Aber erst einmal ganz von vorne: Der Angeklagte wurde bei einer zulässigen Höchstgeschwindigkeit von 70 km/h mit einer Geschwindigkeit von 107 km/h geblitzt. Da er zu dieser Zeit nicht im Besitz einer deutschen, sondern lediglich einer polnischen Fahrerlaubnis war, und Angst vor einer Überprüfung dieser hatte, entschloss er sich, das von ihm geschossene Bild unverwertbar zu machen.
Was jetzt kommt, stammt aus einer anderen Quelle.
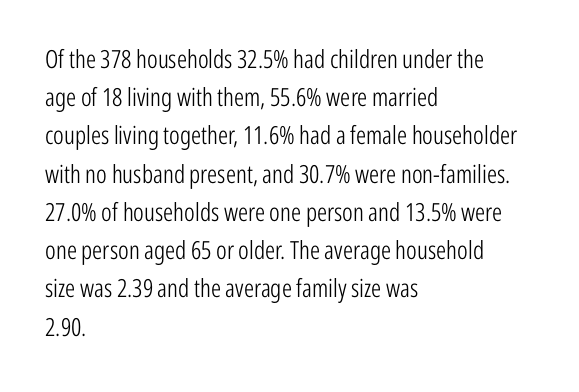
The glyphs are unaccompanied by any horizontal stroke below them. Posture: vertical. These lines keep a tight, regular rhythm from letter to letter. Interline gaps are of average width in this sample. The paragraph shown leans on its left margin.
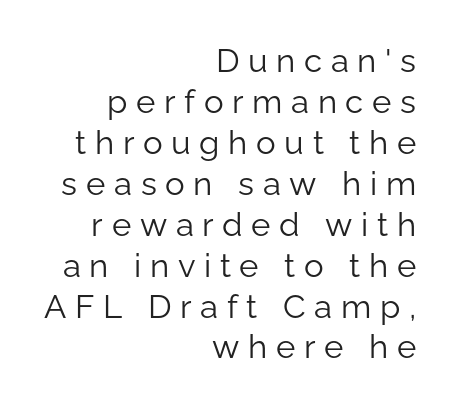
The image shows 33 px light sans-serif type, upright; set right-aligned, line spacing 1.24x, unusually wide letter spacing (+0.26 em), not underlined; low stroke contrast and a medium x-height.

Dazu begab er sich Abends mit zwei Begleitern zum Blitzer und zündete diesen mit Hilfe eines brennenden Stofffetzens an. Worüber der Angeklagte nicht nachgedacht hatte, war der Alarm, der in dem Blitzer eingebaut und direkt mit der örtlichen Polizeiwache verbunden war. Die Tat flog also auf und das Trio wurde in der Nähe des Tatorts gefasst.
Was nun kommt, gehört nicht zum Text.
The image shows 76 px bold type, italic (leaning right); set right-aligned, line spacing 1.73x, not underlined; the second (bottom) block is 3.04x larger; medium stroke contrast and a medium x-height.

Die Folge: Das Amtsgericht Clausthal-Zellerfeld verurteilte den Angeklagten wegen Brandstiftung nach § 306 Abs. 1 Nr. 2 StGB zu einer Freiheitsstrafe von einem Jahr. In der Berufungsinstanz kam es jedoch noch schlimmer – das Landgericht Braunschweig hob die Strafe auf ein Jahr und neun Monate an. Gegen dieses Urteil richtete sich die Revision des Angeklagten, die von dem OLG Braunschweig verhandelt wurde. Dieses prüfte eine Reihe von Vorschriften, nach denen sich der Angeklagte strafbar gemacht haben könnte.
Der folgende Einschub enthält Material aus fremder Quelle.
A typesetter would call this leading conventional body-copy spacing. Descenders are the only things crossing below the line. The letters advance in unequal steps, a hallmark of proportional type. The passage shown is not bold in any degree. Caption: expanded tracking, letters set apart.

Strafbarkeit wegen Brandstiftung nach § 306 Abs. 1 Nr. 2 StGB

Angefangen wurde die Prüfung mit einer möglichen Strafbarkeit wegen Brandstiftung nach § 306 Abs. 1 Nr. 2 StGB, auf die sich die Verurteilung des Angeklagten gestützt hatte.
Das erste Problem, das das OLG hierbei hatte, war, den Blitzer als eine technische Anlage im Sinne des Tatbestandes zu sehen. Grundsätzlich könne man zwar auch Überwachungsanlagen als technische Anlagen verstehen. Ob jedoch eine Geschwindigkeitsmessanlage eine solche ist, lies das OLG offen.
Ebenso wurde die Frage, ob eine Bußgeldbehörde schon aufgrund ihrer öffentlichen Aufgabe der Verkehrsüberwachung aus dem Anwendungsbereich der Vorschrift fällt, offen gelassen. Diese Frage stellt sich, weil eine technische Einrichtung im Sinne des § 306 Abs. 1 Nr. 2 StGB einen Bezug zu einem Gewerbebetrieb oder zumindest zu einem Unternehmen aufweisen muss. Dies wollte das OLG für einer Behörde, die öffentliche Aufgaben verfolgt, nicht beantworten.
Daher stellte das Gericht vielmehr auf das Kriterium der Gemeingefährlichkeit ab. Diese ist aufgrund der erheblichen Strafandrohung der Brandstiftung erforderlich. Nach Ansicht des OLG kommt es daher für die Erfüllung des Tatbestands darauf an, ob das Inbrandsetzen der Geschwindigkeitsmessanlage generell geeignet ist, nicht nur den Messanlageneigentümer zu schädigen, sondern auch sonstige Rechtsgüter zu beeinträchtigen. Eine solche konkrete Gefährdung anderer Rechtsgüter wurde jedoch nicht durch die vorinstanzlichen Feststellungen belegt, womit die Verurteilung wegen Brandstiftung nicht bestehen konnte.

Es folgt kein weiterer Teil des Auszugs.